Excerpts from a dataset:
::::::

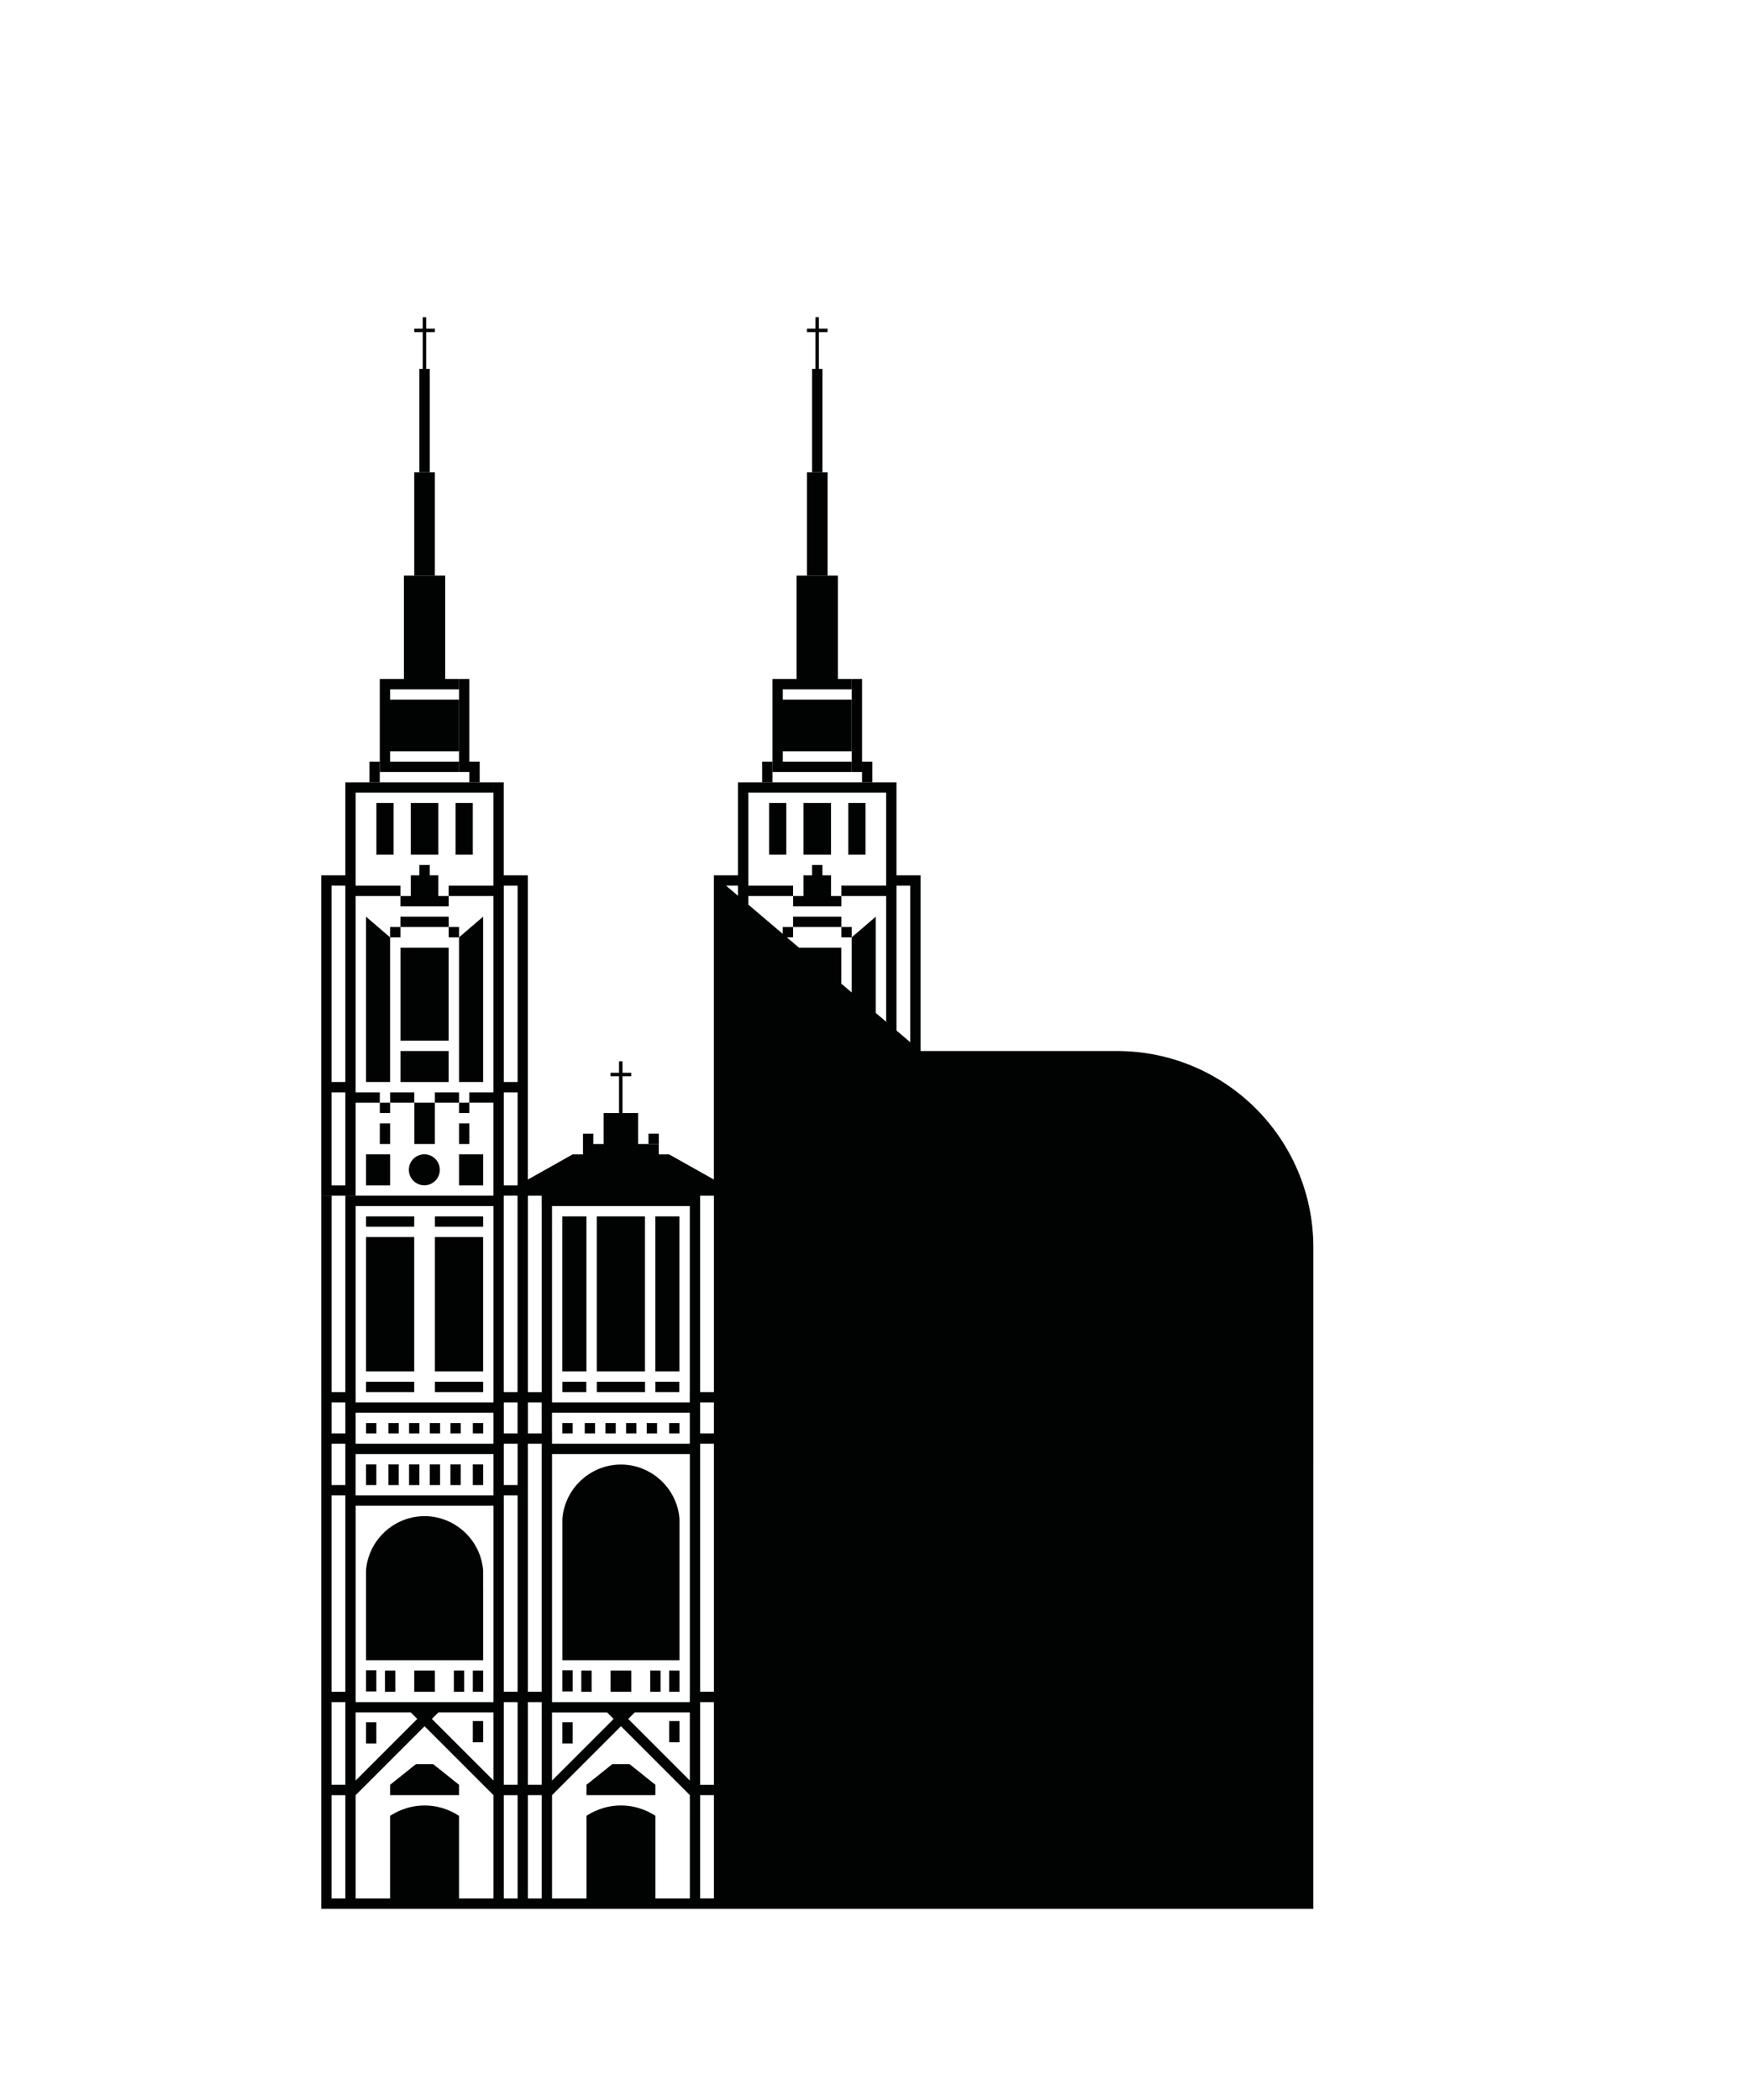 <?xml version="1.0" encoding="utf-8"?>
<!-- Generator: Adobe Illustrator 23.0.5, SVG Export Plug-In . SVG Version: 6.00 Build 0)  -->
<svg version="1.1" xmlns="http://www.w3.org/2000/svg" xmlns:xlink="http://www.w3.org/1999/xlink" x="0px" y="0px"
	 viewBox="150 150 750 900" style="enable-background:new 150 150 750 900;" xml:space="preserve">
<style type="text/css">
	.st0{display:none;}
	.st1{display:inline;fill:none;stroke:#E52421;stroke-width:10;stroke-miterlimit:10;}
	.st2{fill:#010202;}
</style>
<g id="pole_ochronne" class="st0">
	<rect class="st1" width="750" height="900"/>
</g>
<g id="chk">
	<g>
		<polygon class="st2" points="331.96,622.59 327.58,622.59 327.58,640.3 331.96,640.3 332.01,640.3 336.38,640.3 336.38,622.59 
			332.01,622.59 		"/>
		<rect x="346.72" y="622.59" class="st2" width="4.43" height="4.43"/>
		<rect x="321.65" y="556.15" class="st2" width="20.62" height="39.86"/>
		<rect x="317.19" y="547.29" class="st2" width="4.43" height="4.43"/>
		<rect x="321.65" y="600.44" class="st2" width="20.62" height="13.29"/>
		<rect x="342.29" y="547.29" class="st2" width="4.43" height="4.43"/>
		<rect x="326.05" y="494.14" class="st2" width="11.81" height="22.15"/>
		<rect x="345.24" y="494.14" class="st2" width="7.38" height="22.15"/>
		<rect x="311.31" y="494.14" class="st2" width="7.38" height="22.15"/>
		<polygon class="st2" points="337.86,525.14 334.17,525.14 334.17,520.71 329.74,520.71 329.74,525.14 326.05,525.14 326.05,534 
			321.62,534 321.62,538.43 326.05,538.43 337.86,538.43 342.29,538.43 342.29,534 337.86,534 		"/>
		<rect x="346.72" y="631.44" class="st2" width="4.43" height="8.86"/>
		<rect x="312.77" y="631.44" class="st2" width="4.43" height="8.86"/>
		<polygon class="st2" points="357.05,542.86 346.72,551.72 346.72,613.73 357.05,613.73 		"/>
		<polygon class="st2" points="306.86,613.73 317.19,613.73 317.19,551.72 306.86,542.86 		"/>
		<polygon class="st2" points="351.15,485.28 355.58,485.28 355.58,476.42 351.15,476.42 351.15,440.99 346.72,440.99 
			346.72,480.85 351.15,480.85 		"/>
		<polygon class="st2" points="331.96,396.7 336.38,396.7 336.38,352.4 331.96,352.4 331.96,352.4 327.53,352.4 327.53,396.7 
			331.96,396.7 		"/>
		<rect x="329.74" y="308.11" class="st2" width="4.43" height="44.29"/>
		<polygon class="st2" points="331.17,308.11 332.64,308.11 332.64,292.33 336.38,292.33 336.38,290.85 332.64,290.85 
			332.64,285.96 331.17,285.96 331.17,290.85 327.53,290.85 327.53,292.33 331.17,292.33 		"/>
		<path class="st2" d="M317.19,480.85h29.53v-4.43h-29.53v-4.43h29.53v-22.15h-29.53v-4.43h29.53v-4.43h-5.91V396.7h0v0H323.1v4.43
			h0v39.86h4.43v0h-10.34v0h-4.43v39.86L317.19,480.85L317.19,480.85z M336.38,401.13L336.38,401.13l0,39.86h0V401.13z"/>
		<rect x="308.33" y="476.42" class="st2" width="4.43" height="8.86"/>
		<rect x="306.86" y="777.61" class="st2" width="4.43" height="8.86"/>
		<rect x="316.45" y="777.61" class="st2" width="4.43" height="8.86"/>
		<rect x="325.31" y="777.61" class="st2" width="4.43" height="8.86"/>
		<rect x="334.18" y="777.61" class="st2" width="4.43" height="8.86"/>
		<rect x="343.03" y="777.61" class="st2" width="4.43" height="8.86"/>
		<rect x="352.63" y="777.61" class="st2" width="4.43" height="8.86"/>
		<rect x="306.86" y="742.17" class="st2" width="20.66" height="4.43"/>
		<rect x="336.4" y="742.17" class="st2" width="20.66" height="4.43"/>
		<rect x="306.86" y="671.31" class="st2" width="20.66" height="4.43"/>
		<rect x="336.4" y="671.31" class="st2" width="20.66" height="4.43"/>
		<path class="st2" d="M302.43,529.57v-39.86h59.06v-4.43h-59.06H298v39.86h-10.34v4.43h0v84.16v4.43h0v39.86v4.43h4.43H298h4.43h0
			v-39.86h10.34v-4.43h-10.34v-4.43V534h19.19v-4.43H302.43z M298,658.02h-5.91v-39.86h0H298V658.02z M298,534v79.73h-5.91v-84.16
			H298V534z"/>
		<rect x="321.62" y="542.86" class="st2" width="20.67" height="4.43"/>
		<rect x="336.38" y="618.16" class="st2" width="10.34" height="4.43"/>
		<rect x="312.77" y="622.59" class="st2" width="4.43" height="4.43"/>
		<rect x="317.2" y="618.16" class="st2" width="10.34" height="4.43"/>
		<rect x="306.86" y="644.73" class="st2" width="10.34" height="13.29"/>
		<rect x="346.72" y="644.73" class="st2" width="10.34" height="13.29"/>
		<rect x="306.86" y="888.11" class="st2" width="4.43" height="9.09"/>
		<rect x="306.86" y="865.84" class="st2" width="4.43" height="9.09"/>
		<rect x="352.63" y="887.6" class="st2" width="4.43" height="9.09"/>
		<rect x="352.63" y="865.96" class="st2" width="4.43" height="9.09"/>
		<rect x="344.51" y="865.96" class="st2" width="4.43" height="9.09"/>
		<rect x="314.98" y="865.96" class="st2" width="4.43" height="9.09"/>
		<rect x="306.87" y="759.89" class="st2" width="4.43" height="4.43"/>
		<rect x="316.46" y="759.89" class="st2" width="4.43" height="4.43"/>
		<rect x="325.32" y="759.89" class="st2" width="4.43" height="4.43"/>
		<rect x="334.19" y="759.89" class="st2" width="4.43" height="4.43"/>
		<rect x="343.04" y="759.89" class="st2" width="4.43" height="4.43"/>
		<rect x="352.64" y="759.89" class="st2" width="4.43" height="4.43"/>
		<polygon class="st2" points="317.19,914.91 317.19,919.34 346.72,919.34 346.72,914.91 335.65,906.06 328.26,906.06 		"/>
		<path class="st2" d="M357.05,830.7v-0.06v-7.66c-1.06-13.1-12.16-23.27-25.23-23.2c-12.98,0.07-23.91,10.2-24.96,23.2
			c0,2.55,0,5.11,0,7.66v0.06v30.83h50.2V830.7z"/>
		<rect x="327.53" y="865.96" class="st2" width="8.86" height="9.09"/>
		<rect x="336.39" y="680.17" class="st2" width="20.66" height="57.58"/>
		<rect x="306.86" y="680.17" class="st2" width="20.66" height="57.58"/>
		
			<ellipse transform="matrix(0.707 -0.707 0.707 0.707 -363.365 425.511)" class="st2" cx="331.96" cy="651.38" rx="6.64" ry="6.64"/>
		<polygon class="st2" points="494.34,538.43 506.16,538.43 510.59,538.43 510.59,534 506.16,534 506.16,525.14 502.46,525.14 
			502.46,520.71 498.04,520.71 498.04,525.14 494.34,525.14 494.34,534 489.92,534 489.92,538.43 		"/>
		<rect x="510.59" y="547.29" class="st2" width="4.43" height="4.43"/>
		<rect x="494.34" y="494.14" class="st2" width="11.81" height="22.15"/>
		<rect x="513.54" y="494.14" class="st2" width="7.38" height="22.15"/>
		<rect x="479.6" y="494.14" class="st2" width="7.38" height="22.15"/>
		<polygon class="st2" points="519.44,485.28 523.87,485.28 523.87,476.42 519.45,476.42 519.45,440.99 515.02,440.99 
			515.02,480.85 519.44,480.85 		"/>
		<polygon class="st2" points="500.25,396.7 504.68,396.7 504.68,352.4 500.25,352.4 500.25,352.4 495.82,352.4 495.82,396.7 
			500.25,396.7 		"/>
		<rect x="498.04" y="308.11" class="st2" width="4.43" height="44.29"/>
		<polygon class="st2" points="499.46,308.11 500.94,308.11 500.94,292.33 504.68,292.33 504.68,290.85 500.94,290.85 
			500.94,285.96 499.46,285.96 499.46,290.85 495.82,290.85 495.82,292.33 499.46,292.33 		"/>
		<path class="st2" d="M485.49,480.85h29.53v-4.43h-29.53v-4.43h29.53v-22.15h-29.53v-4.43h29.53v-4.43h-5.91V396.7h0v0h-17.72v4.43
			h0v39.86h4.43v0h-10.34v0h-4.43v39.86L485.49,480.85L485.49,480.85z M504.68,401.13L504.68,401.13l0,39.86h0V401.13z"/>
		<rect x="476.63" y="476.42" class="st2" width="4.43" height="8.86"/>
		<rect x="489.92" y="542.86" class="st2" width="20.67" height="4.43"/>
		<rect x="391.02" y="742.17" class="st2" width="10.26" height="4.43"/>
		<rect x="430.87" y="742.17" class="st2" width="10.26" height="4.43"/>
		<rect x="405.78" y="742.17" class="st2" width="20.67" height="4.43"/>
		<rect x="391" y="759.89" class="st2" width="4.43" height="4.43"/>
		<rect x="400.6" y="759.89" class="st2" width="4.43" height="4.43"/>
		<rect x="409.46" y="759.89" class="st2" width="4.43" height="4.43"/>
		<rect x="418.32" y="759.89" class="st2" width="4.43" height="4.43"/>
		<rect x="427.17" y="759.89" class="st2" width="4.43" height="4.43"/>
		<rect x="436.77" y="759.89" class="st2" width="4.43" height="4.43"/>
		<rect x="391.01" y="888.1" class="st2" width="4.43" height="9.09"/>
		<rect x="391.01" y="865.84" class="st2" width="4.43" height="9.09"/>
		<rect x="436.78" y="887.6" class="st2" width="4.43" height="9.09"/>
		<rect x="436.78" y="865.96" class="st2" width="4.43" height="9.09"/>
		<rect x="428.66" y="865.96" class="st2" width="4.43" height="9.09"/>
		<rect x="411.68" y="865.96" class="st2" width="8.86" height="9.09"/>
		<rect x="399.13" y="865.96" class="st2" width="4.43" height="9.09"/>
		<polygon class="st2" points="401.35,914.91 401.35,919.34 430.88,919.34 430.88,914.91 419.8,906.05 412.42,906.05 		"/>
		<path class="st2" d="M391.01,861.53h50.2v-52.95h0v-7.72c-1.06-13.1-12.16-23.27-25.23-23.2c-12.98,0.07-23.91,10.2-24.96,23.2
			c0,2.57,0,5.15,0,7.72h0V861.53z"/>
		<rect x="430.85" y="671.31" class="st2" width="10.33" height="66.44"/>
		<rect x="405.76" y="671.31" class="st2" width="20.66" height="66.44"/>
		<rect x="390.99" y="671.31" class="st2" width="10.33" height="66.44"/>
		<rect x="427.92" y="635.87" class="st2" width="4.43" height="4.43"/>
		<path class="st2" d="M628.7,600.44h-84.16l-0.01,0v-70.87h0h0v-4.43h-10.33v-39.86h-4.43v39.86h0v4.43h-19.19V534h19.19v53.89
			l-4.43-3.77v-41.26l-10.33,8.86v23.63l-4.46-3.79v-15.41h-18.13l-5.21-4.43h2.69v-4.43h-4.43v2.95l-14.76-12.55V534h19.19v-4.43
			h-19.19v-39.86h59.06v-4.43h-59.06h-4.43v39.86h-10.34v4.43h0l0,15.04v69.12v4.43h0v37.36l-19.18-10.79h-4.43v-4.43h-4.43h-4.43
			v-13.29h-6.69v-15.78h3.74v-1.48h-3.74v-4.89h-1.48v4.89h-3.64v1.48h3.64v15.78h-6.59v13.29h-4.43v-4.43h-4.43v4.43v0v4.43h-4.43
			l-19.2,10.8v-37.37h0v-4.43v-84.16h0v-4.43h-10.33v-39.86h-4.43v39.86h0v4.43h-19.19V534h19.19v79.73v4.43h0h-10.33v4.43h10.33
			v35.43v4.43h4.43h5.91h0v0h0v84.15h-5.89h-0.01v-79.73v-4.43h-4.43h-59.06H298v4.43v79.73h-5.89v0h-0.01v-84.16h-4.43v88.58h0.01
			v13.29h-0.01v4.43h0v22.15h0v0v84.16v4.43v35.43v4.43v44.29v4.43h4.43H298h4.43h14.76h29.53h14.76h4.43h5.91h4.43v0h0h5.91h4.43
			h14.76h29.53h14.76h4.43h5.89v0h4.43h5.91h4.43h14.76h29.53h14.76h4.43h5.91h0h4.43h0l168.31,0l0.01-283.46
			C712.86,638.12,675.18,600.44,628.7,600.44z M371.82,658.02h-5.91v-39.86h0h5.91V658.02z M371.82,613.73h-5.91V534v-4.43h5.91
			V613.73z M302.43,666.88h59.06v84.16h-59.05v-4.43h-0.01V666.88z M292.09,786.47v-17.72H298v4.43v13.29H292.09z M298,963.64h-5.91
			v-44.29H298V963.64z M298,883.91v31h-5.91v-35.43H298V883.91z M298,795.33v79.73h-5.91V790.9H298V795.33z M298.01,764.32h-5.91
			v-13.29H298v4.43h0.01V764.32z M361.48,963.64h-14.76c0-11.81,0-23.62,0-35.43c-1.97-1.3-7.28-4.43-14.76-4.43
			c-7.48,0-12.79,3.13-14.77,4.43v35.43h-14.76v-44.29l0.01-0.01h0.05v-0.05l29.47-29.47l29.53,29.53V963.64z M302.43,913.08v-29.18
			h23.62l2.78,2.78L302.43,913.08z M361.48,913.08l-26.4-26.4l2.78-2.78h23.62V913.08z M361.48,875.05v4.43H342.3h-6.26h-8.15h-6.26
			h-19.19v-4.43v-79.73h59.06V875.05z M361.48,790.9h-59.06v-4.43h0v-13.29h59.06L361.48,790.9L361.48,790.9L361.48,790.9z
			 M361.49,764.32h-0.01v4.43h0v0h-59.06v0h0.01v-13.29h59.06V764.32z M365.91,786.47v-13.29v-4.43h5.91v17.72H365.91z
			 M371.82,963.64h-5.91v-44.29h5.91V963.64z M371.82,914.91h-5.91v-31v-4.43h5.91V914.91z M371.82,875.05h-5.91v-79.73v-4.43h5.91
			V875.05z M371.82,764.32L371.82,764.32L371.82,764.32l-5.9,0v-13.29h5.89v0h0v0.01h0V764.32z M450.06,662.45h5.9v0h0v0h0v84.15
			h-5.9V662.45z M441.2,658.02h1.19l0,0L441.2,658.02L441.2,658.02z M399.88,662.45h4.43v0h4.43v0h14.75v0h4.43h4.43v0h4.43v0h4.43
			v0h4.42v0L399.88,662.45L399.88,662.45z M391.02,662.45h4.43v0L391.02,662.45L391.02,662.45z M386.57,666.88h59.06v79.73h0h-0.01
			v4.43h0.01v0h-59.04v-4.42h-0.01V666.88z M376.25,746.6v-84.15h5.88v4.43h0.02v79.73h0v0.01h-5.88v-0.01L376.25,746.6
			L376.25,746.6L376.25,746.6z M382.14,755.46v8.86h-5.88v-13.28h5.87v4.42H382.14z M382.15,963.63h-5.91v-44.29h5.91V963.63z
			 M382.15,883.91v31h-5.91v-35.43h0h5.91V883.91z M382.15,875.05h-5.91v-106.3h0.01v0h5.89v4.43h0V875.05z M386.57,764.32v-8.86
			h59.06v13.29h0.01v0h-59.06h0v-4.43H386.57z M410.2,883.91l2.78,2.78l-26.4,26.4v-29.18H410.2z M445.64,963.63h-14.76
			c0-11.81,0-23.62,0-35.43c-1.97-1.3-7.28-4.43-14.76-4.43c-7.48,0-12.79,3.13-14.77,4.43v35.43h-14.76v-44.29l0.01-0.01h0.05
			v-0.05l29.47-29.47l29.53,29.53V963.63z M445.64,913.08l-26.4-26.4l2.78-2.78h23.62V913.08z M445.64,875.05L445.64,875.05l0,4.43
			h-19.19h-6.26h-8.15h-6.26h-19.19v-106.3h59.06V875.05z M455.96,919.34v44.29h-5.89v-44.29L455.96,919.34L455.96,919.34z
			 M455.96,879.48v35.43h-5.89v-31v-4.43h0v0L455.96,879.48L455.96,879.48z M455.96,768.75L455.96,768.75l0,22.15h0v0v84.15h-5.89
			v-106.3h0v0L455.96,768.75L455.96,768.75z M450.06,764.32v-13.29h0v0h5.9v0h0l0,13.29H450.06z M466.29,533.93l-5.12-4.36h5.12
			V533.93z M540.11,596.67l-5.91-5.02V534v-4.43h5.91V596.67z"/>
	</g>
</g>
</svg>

::::::

** Task prompt **
Scan the data above, find each line with "style", and copy it.

** Solved exercise **
	 viewBox="150 150 750 900" style="enable-background:new 150 150 750 900;" xml:space="preserve">
<style type="text/css">
</style>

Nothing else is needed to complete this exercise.